Otherwise, code follows with another expression evaluation:
newMappedDrv Base Address + newMappedDrv Pe Size > newMappedDrv Base Address – orgPortDrv Start Address + orgPortDrv Scsi Dispatch
Also in this case, if the expression evaluate to FALSE new mapped driver will be freed, otherwise some information will be placed in rootkit global structure:
+ 0x328h – Original Disk port driver SCSI Dispatch Function pointer
+ 0x32ch – New Disk port driver SCSI Dispatch Function pointer
(pointer to IoGetDmaAdapter+155h function, call [HalDispatchTable+0x3c])
+ 0x330h – Disk port driver name rootkit key
+ 0x334h – Rootkit new mapped Disk port driver base address
+ 0x338h – Rootkit new mapped Disk port driver PE size
+ 0x33Ch – Rootkit new mapped Disk port calculated DELTA
Sinowal code analyzes if SCSI Dispatch function address is falling into the mapped driver address space; if not, it means that miniport disk port driver uses Dispatch functions of another one. This could be the case of some SCSI controller miniport drivers that uses Microsoft generic SCSI port driver services (scsiport.sys) to operate correctly. If the mapped driver wasn’t freed, Sinowal watchdog thread uses the IRP_MJ_SCSI function of new mapped driver for all its I/O. In this way, even if you try to rewrite the original MBR or delete rootkit sectors (bypassing hooked disk scsi dispatch function), watchdog thread, each second, checks and replace all of your modifications.

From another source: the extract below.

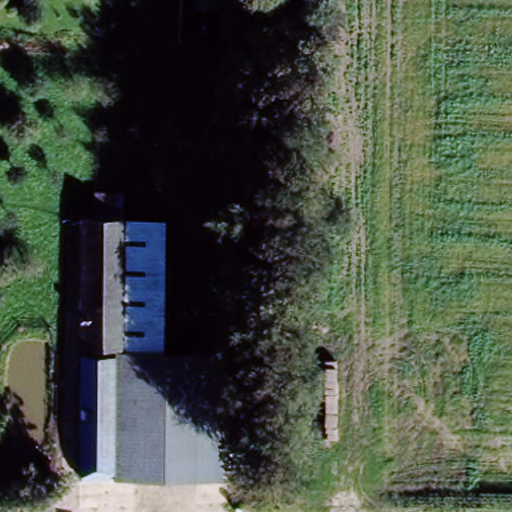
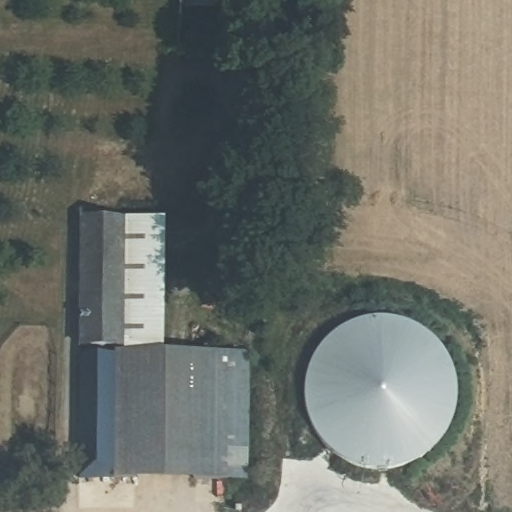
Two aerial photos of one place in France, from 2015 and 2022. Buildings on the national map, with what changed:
unchanged [(123,189),(123,214),(163,214),(162,349),(249,350),(248,476),(113,475),(95,474),(78,474),(80,345),(78,345),(79,214),(93,214),(93,189),(123,189)]
new [(314,353),(334,332),(358,320),(387,316),(413,323),(432,335),(448,356),(456,374),(459,400),(453,423),(443,438),(424,455),(402,465),(380,470),(359,466),(338,457),(321,440),(311,425),(306,410),(303,391),(306,373),(314,353)]

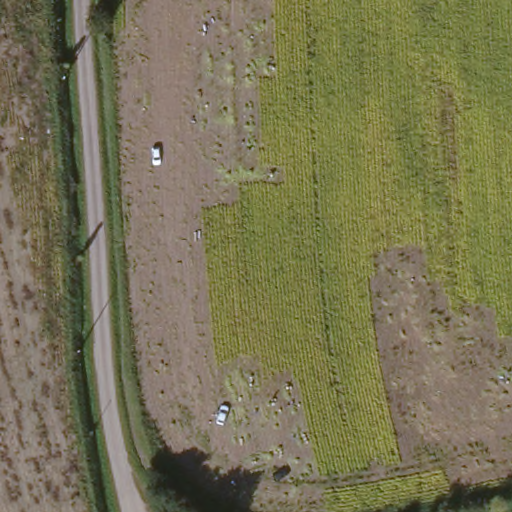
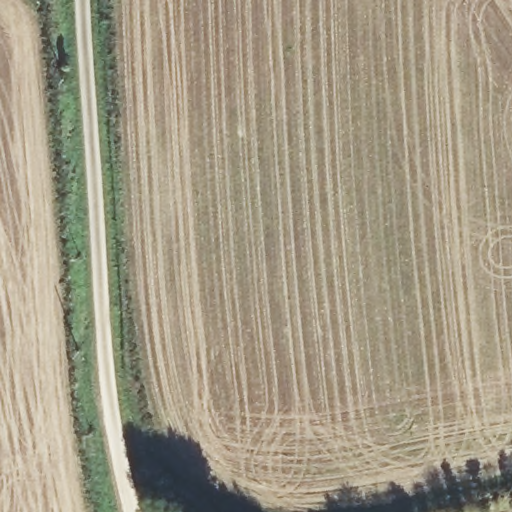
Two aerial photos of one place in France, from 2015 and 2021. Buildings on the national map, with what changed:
[]

This new feature is really important, because even if an antirootkit succeed in MBR rewriting and sectors rewriting, Sinowal can still restore all its code.
The last thing to say is that the rootkit’s startup thread frees the mapped driver if it uses another dispatch function. Otherwise it should map and relocate also other modules and this could render the system unstable.
Sinowal rootkit is still active and it’s evolving its code after 4 years. Now it’s implementing a very effective trick to self-protect itself and to make antivirus vendors’s job very difficult. What we should expect in the next release is probably direct hardware I/O? I think that this could be something we should be ready to defeat in some way in the near future.